Tonus

Thu Jan 31 21:07:36 CET 2008

Simon Josefsson said:

> What isn't clear in this thread is that the _reason_ IDNA works the way
> it does is because it chose to use Unicode NFKC for normalization.  That
> isn't something that the Unicode specifications required IDNA to do.  I
> recall discussions of which Unicode normalization form to use in the IPR
> WG, and the eventual choice of NFKC was deliberate.  That may or may not
> have been the right choice, but that's water under the bridge.  So if I
> understand correctly, to fix this issue, we would need to replace NFKC
> with something else in IDNAbis.

Just to clear up one bit of wandering topic here.
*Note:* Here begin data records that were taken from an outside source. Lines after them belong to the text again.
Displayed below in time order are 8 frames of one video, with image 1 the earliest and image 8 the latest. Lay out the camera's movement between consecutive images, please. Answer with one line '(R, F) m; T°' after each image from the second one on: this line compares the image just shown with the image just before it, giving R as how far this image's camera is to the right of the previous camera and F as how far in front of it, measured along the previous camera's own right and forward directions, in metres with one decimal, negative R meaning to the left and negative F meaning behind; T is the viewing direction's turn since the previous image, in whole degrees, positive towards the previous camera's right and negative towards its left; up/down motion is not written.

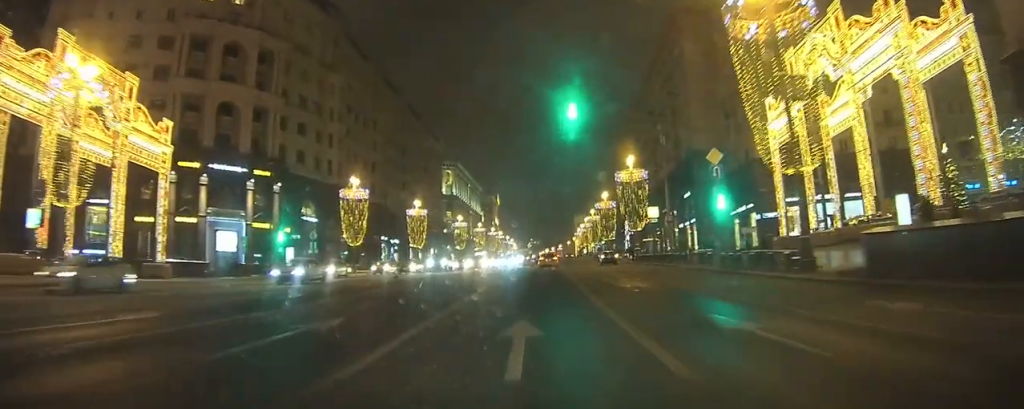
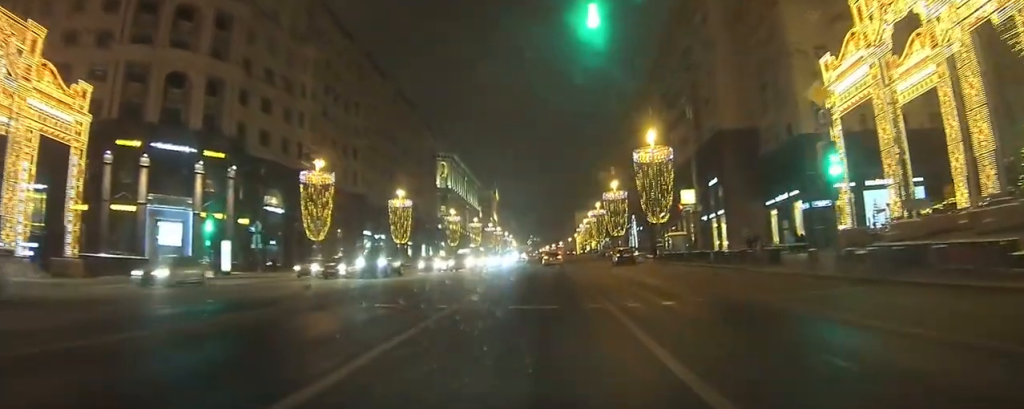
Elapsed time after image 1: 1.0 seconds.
(+0.1, +12.7) m; 0°
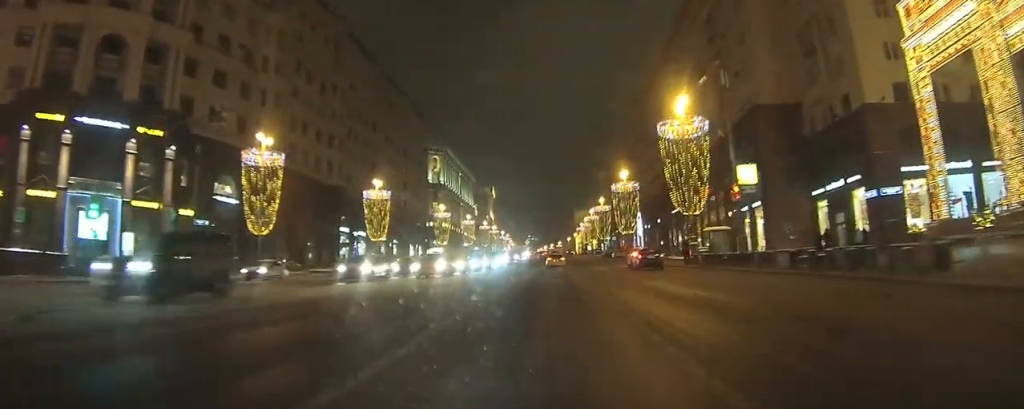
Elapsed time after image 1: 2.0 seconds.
(-0.2, +12.3) m; -1°
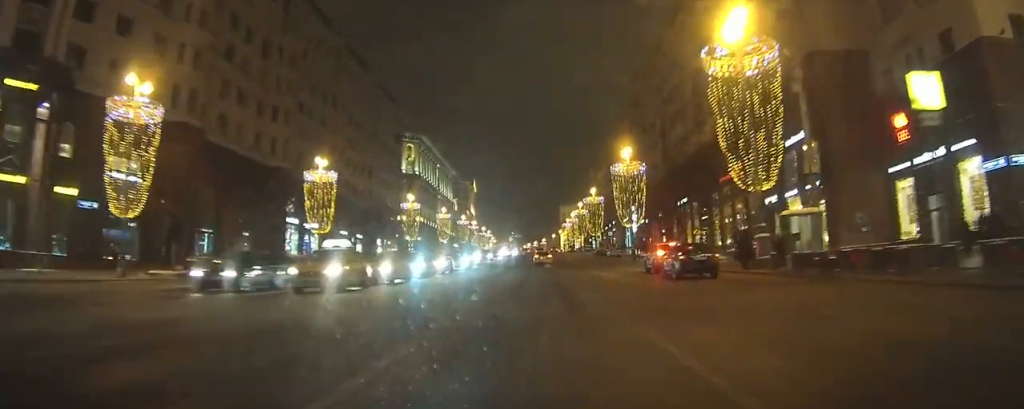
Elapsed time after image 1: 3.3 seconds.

If "this issue"
is the matching of final sigma, then it has nothing to do with
Unicode normalization form NFKC -- it is the result of the
Unicode casefolding. I think Vint was using "normalization rules"
in a more generic sense of folding two or more strings together
to some normative form for comparison.

If "this issue" is the casing of tonos in Greek, that is also
a casefolding issue, and has nothing to do with Unicode normalization
form NFKC.

The issue that Vaggelis Segredaki has raised is that for one
reason or another, tonos-accented vowels in Greek often are
displayed without tonos when uppercased. This is reminiscent
of the once widespread practice of omitting accents on uppercase
French vowels, in part because of technological constraints.

Whatever the detailed reason in Greek, casefolding of tonos-accented
lowercase vowels together with unaccented uppercase vowels doesn't
happen automatically by Unicode casefolding rules, any more
than it would do so for accented French vowels. The default
case mappings simply map precomposed lowercase tonos-accented
Greek vowels (U+03AC) to precomposed uppercase tonos-accented
Greek vowels (U+0386), etc. And the values for Unicode casefolding
of tonos-accented vowels derive directly from those mappings.

So if Greek users feel that uppercase vowels without tonos
accent and uppercase vowels with tonos accent need to be folded
together, this needs to be handled in some other way, via
preprocessing and/or bundling and the like.

> (Fwiw, for non-DNS purposes of string preparation, the choice of NFKC is
> not so clearly the best choice.)

I agree, but that has nothing to do with either final sigma or
tonos-accented vowels in Greek.

--Ken

> 
> /Simon
> 
> Vint Cerf <vint at google.com> writes:
> 
> > Patrik is correct, Michael. The matching process IS destructive
> > because of the Unicode normalization rules that are applied to allow
> > for matching of the two kinds of sigma.